■ EXERCISE ■
Only an exact copy is wanted: the lines from the one holding "At 0.6 seconds since image 1." through the last line below, minus the pictures.

Data entries:
BEGIN
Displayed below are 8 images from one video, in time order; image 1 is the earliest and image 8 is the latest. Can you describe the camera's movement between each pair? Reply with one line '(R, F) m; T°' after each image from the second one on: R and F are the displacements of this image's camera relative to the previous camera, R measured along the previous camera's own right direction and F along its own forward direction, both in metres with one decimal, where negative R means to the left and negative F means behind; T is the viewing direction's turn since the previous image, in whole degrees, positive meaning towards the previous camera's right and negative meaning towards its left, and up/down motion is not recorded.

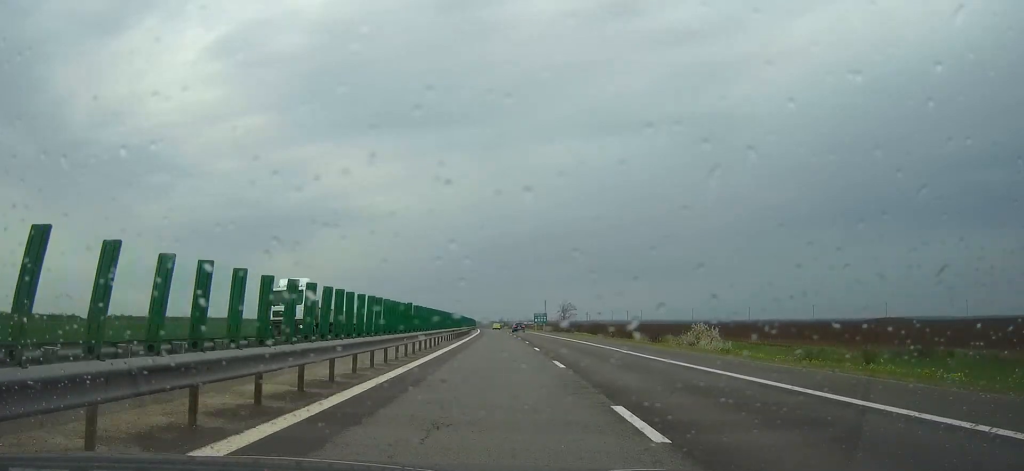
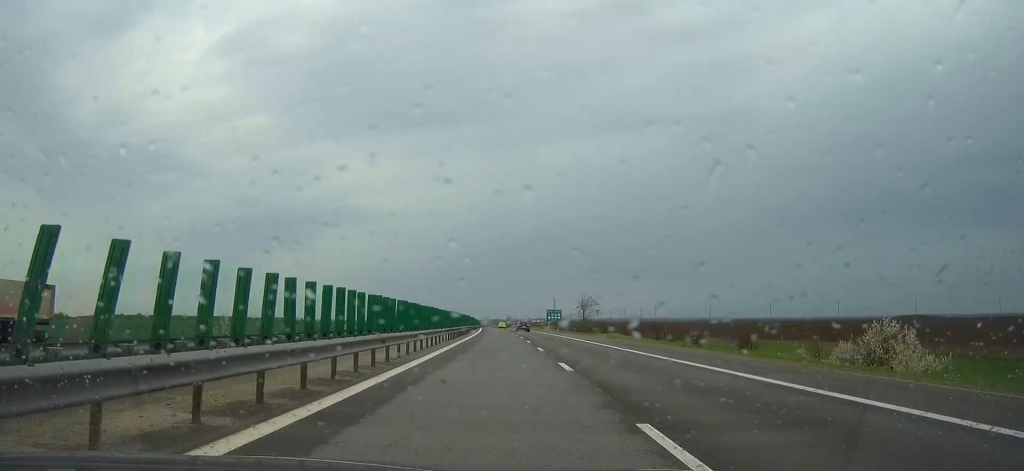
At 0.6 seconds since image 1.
(-0.1, +24.9) m; -1°
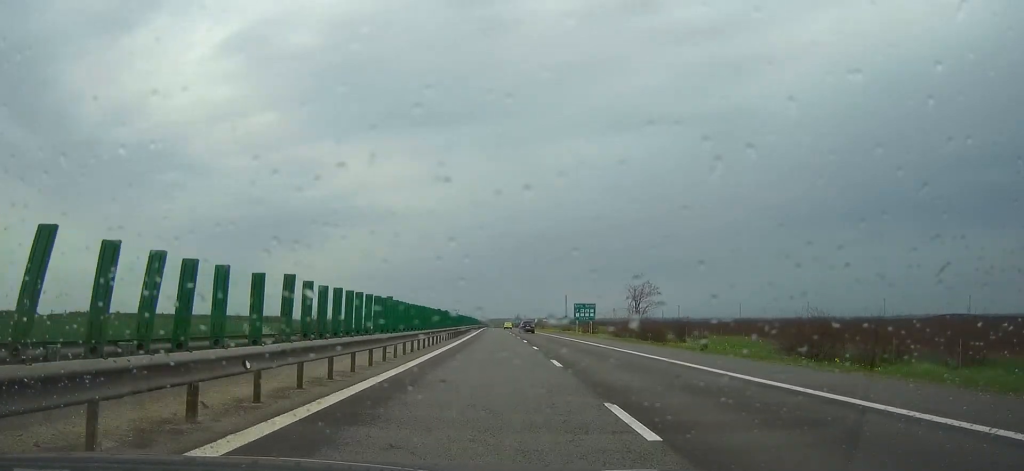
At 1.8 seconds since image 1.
(-0.3, +41.4) m; -1°
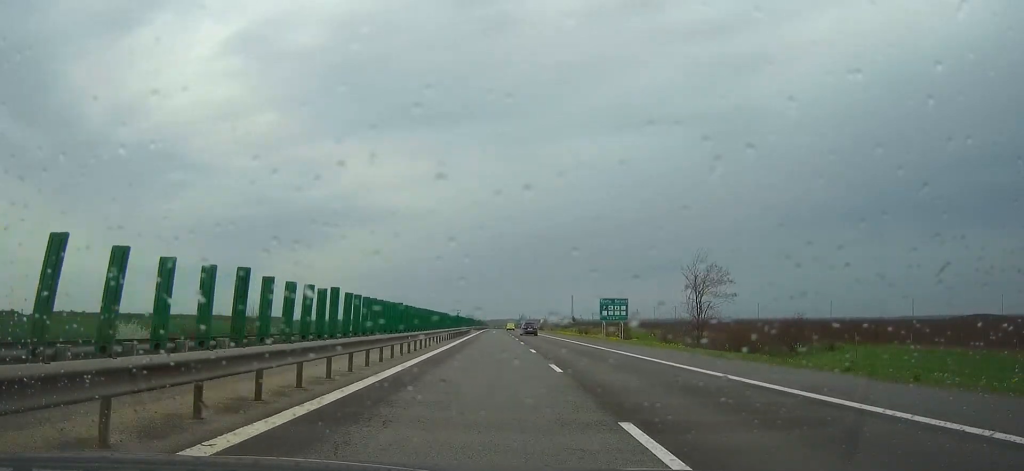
END
■ REPLY ■
At 0.6 seconds since image 1.
(-0.1, +24.9) m; -1°
At 1.8 seconds since image 1.
(-0.3, +41.4) m; -1°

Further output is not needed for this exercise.